12 Cardiac Pathophysiology

What determines blood pressure?

• Cardiac output

• Vascular

• Blood volume

• Regulation by CNS and Endocrine systems

What is the function of the heart?

• Pump blood, creating hydrostatic pressure to perfuse the body

• Endocrine organ: secretes Atrial Natriuretic Peptide (causes kidney to add salt into urine to decrease BP and is a vasodilator)

How does the heart affect blood pressure?

By increasing cardiac output, the heart can increase blood pressure. To decrease BP, the heart decreases its output.

What is the path blood travels through the cardiovascular system starting at the vena cava?
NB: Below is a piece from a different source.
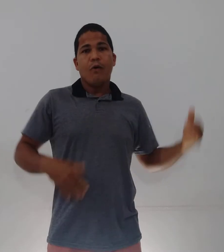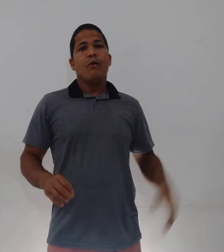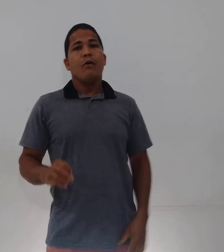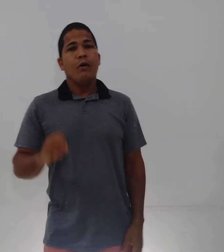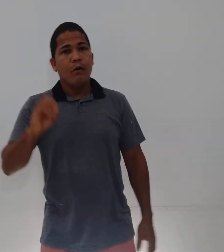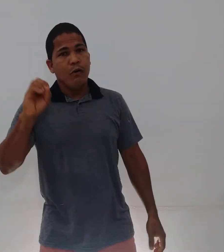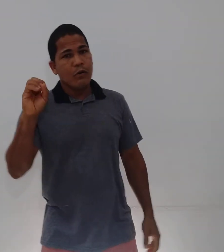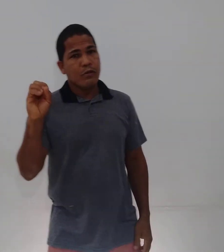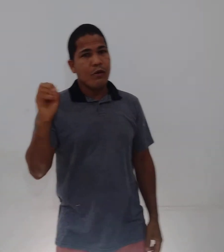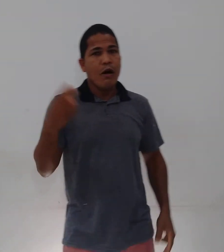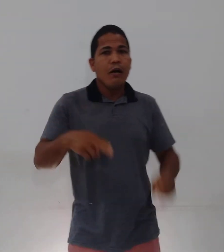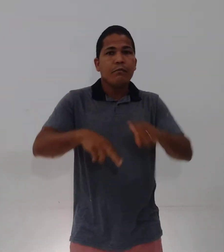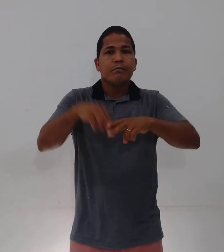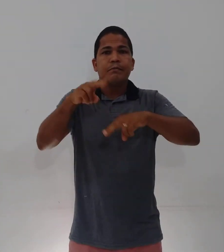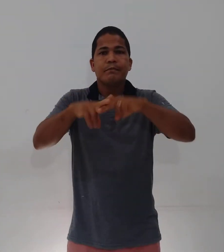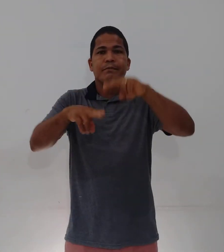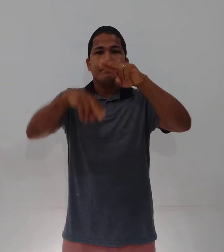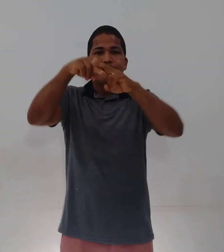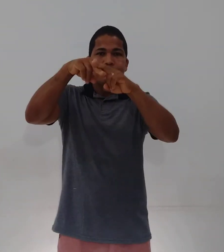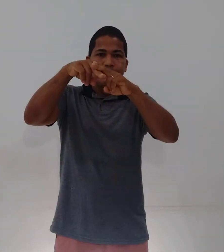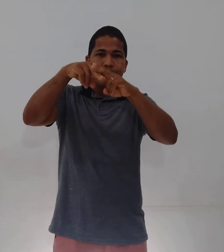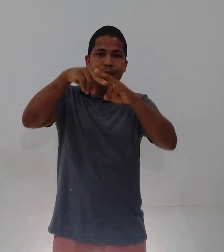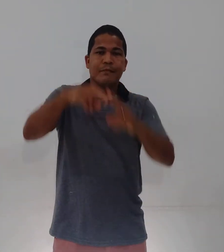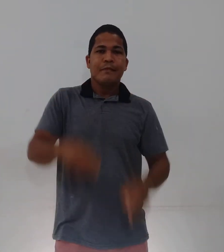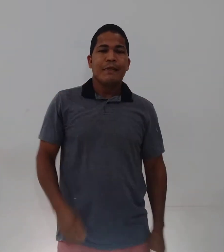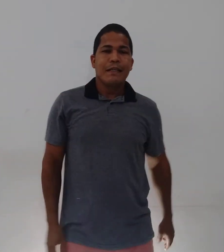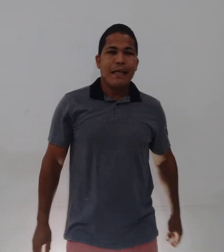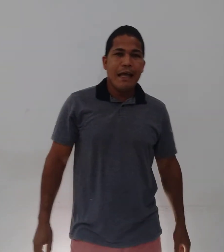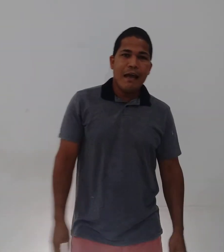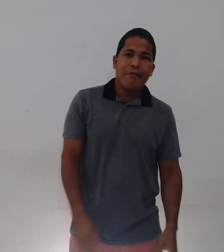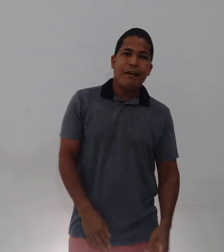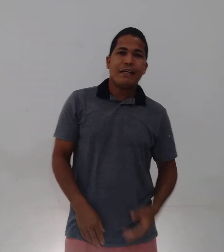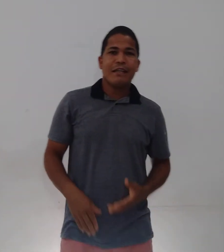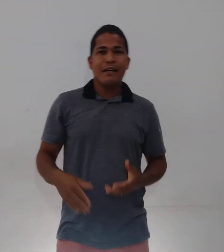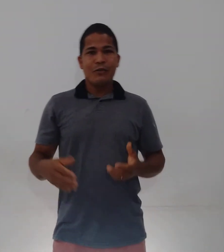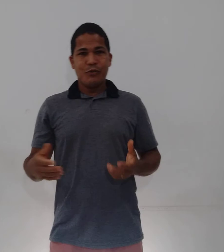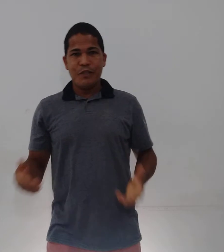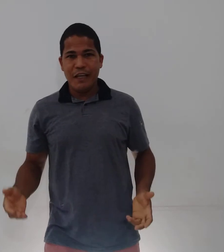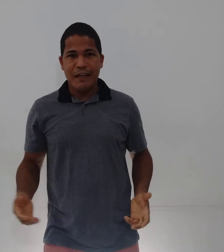Ou só? Que é a festa junina.

Vena Cava → Right atrium → Tricuspid valve → right ventricle→ pulmonic valve → pulmonary artery → pulmonary arterioles → pulmonary capillaries → pulmonary venules → pulmonary vein → Left atrium → mitral valve (bicuspid) → left ventricle → aortic valve → aorta → systemic arteries → systemic arterioles → systemic capillaries → systemic venules → systemic veins

What is the purpose of the valves?

To produce a one-way blood flow and slow electrical conduction to allow proper ventricular filling.

How does valve create a one-way blood flow?

• Leaflets open and close based on pressure

• Papillary muscles contract with the chamber to prevent prolapse and regurgitation

What are the valves made up of?

Connective tissue, they are a part of the fibrous skeleton

Where are the papillary muscles connected to?

The valve flaps and the heart muscles to prevent valve inversion. It is connected to the valve leaflets by chordae tendinae.

What are the layers of the heart?

• Endocardium: continuous with endothelium

• Myocardium: pacemaker cells and cardiac myocytes

• Pericardium or pericardial sac

  • Visceral pericardium: contains coronary arteries and veins

  • Parietal pericardium

What are the functions of pacemaker cells?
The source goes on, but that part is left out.